Он выключил микрофон и начал рыться в кухонном шкафчике в поисках швабры, ручной или с автоматическим приводом, или же пылесоса, работающего от гелиевых батарей или включающегося в сеть. И ничего не нашел. Скорее всего фирма, занимающаяся оснащением дома, вообще не снабдила его такими приспособлениями. «И я узнаю об этом в самый неподходящий момент, — подумал он. — А ведь живу здесь уже четыре года».
Он поднял трубку видеофона и набрал номер 214. Это был номер администрации здания.
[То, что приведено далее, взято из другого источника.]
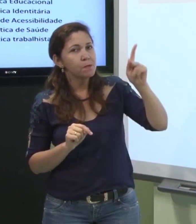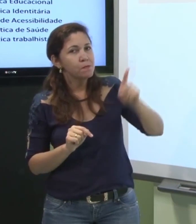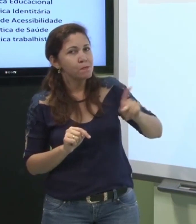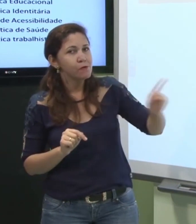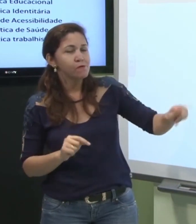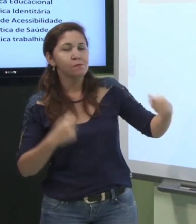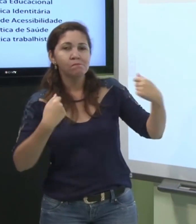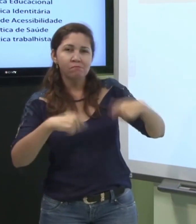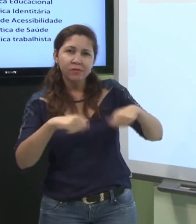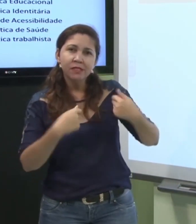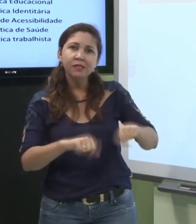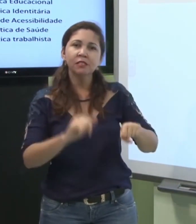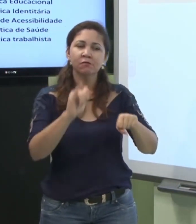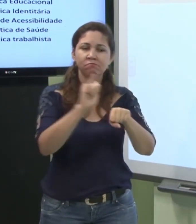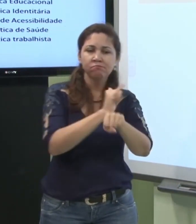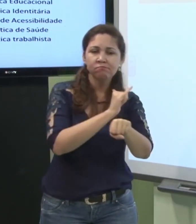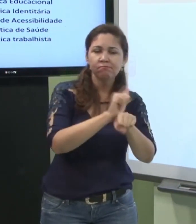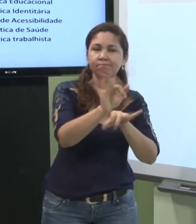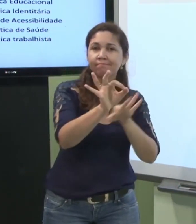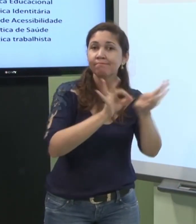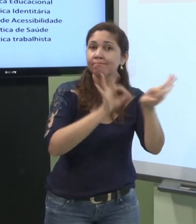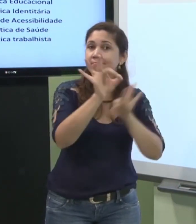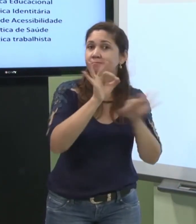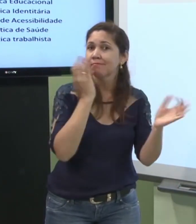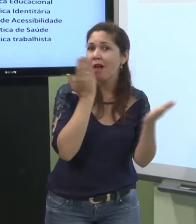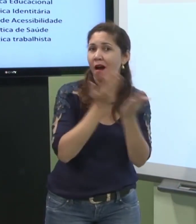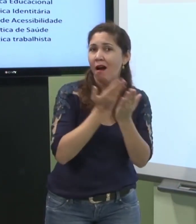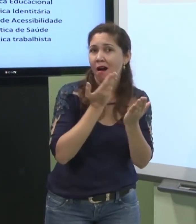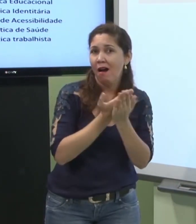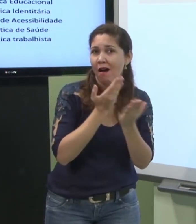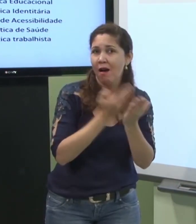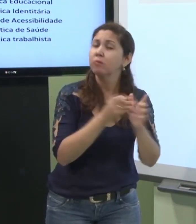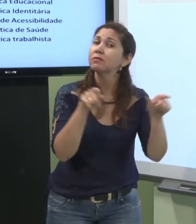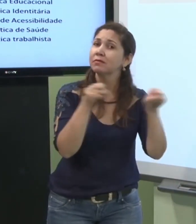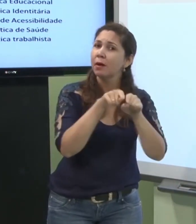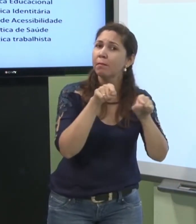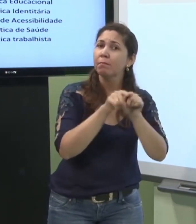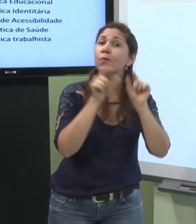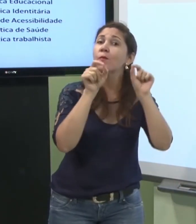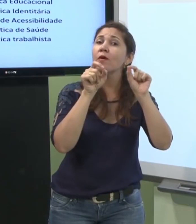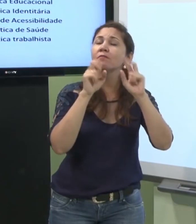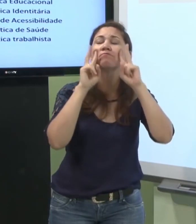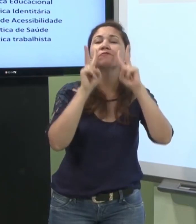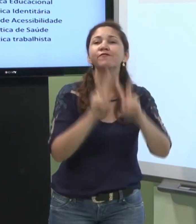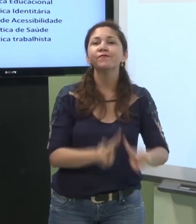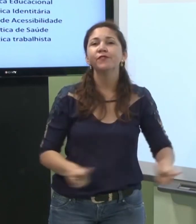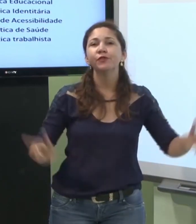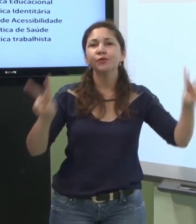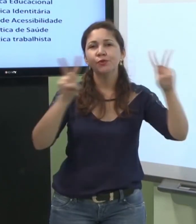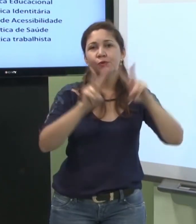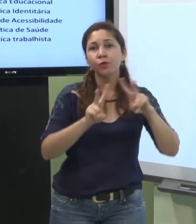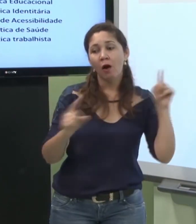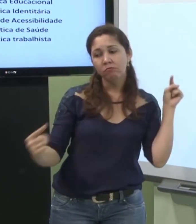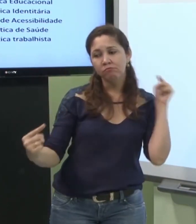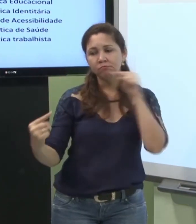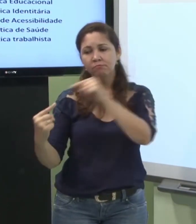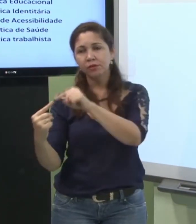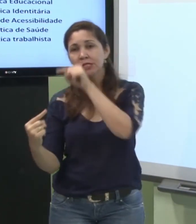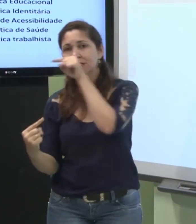ambiente educacional não não precisa desenvolver outras estratégias de aula como uma

— Прошу выслушать меня, — сказал он, когда отозвалось гомеостатическое устройство. — Я уже могу перевести часть средств на покрытие счета за операции по уборке. Прошу прислать робота немедленно, как только он закончит работу, я уплачу все, что с меня причитается.
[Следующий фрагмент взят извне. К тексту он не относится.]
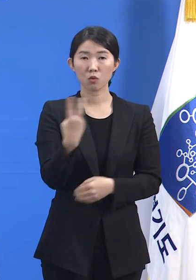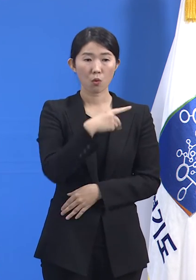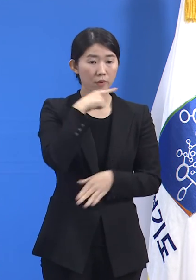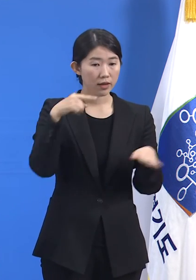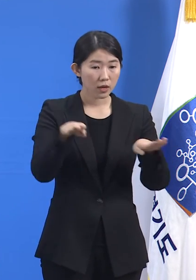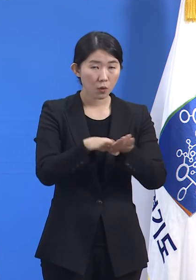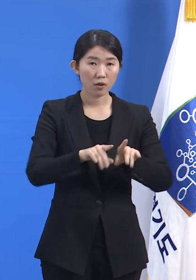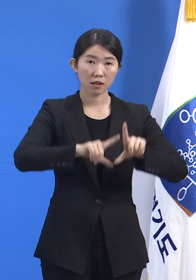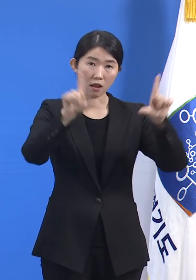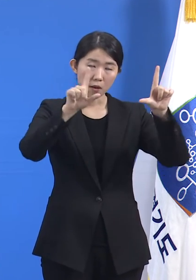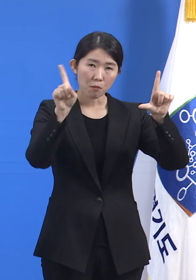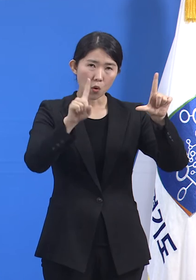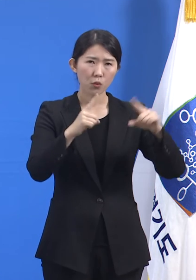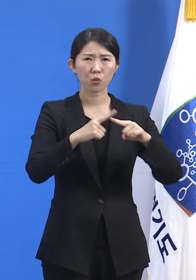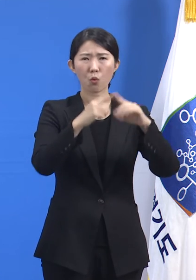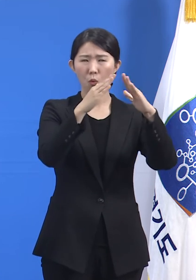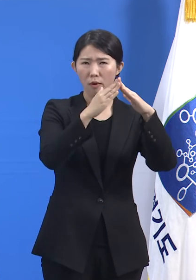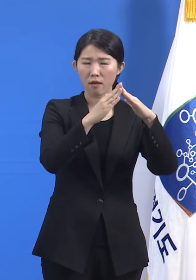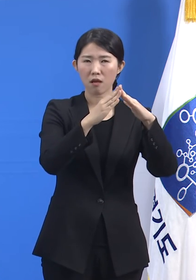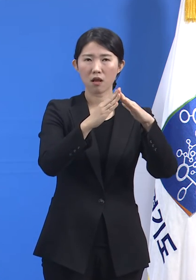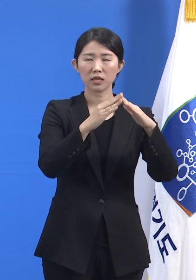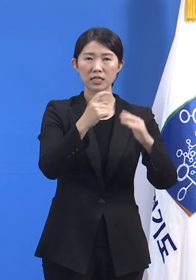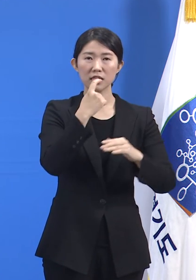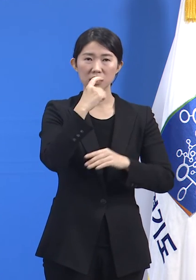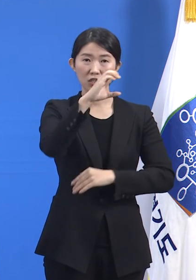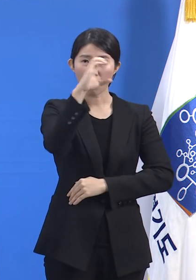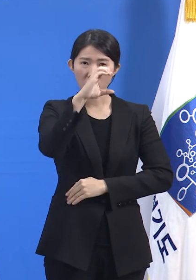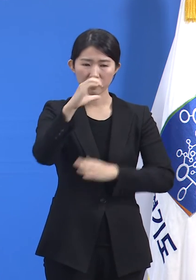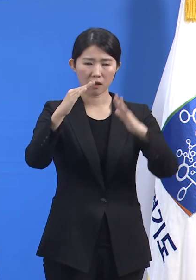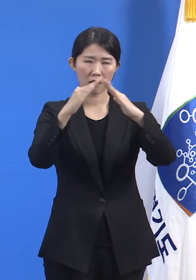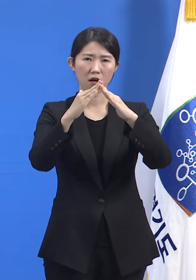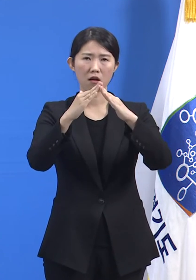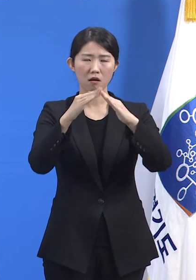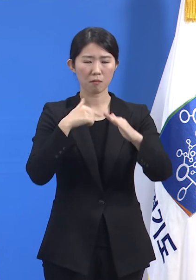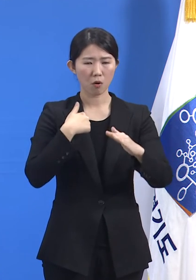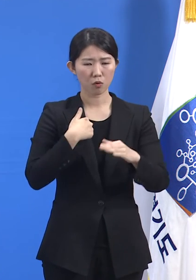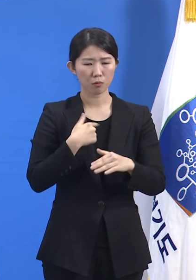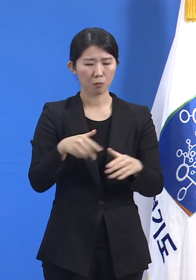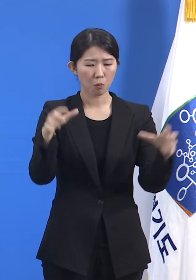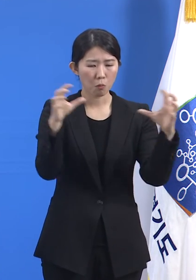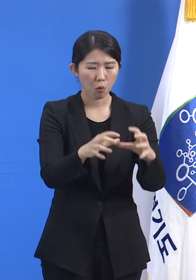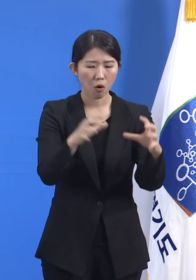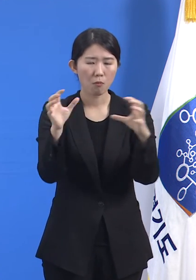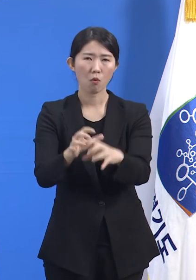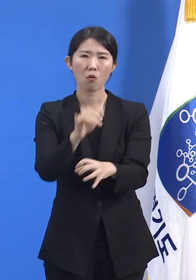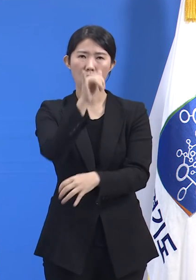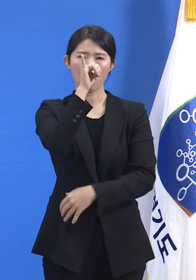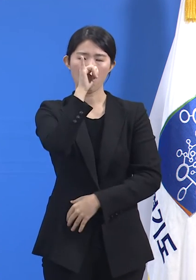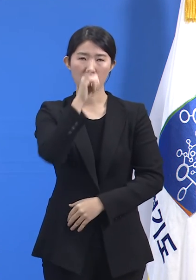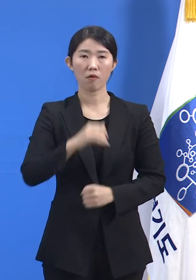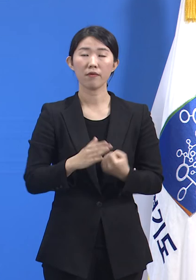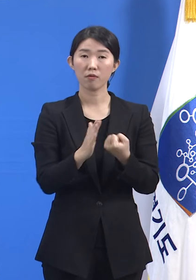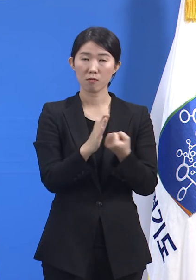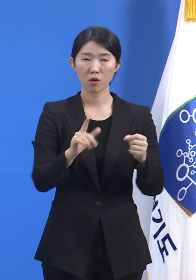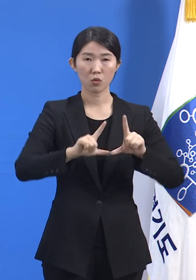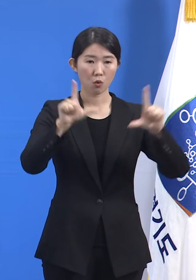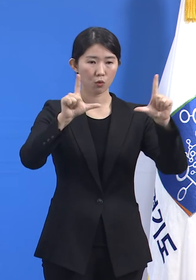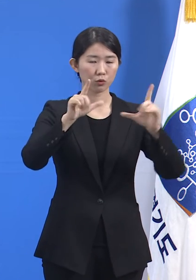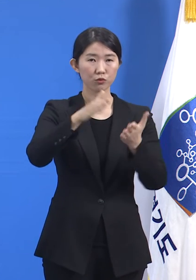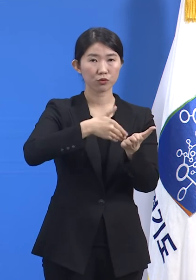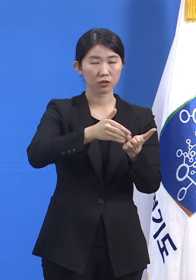성당이나 교회의 종교적 활동을 통해 한 커뮤니티에서 이어지고 있습니다. 따라서 동두천시뿐 아니라

— Сэр, вам придется уплатить всю задолженность, прежде чем он вообще возьмется за работу.
В руках Чипа оказался бумажник. Он вытащил из него пачку Магических Кредитных Карточек, большинство из которых, впрочем, было аннулировано, причем, скорее всего, навсегда. Исходя из его финансового положения и нелюбви к оплате долгов.
— В таком случае я прошу выписать сумму, которую я должен, на счет моей Треугольной Магической Кредитной Карты, — обратился он к своему невидимому противнику. — Таким образом долг исчезнет из ваших книг, и вы можете считать, что он погашен.
— Остаются еще штрафы за задержку, пеня и проценты.
— Прошу выписать их на счет моей Кредитной Карты в Форме Сердца…
— Мистер Чип, агентство «Феррис и Брокман», занимающееся контролем за наличностью в кредитной системе продажи в рассрочку, опубликовало на ваш счет специальную инструкцию. Она поступила только вчера и еще сохранилась в моей памяти. Согласно ей, вы с июля сего года вычеркнуты из категории ГГГ — если говорить о вашем кредите — и переведены в категорию ГГГГ. Наш отдел, а значит, и администрация всего здания, запрограммирован так, чтобы исключить возможность оказания услуг или выделения кредита таким жалким личностям, как вы, сэр. Что касается лично вас, с этого момента вы должны оплачивать все свои потребности наличными. Боюсь, что в таком положении вы окажетесь до конца жизни. Честно говоря…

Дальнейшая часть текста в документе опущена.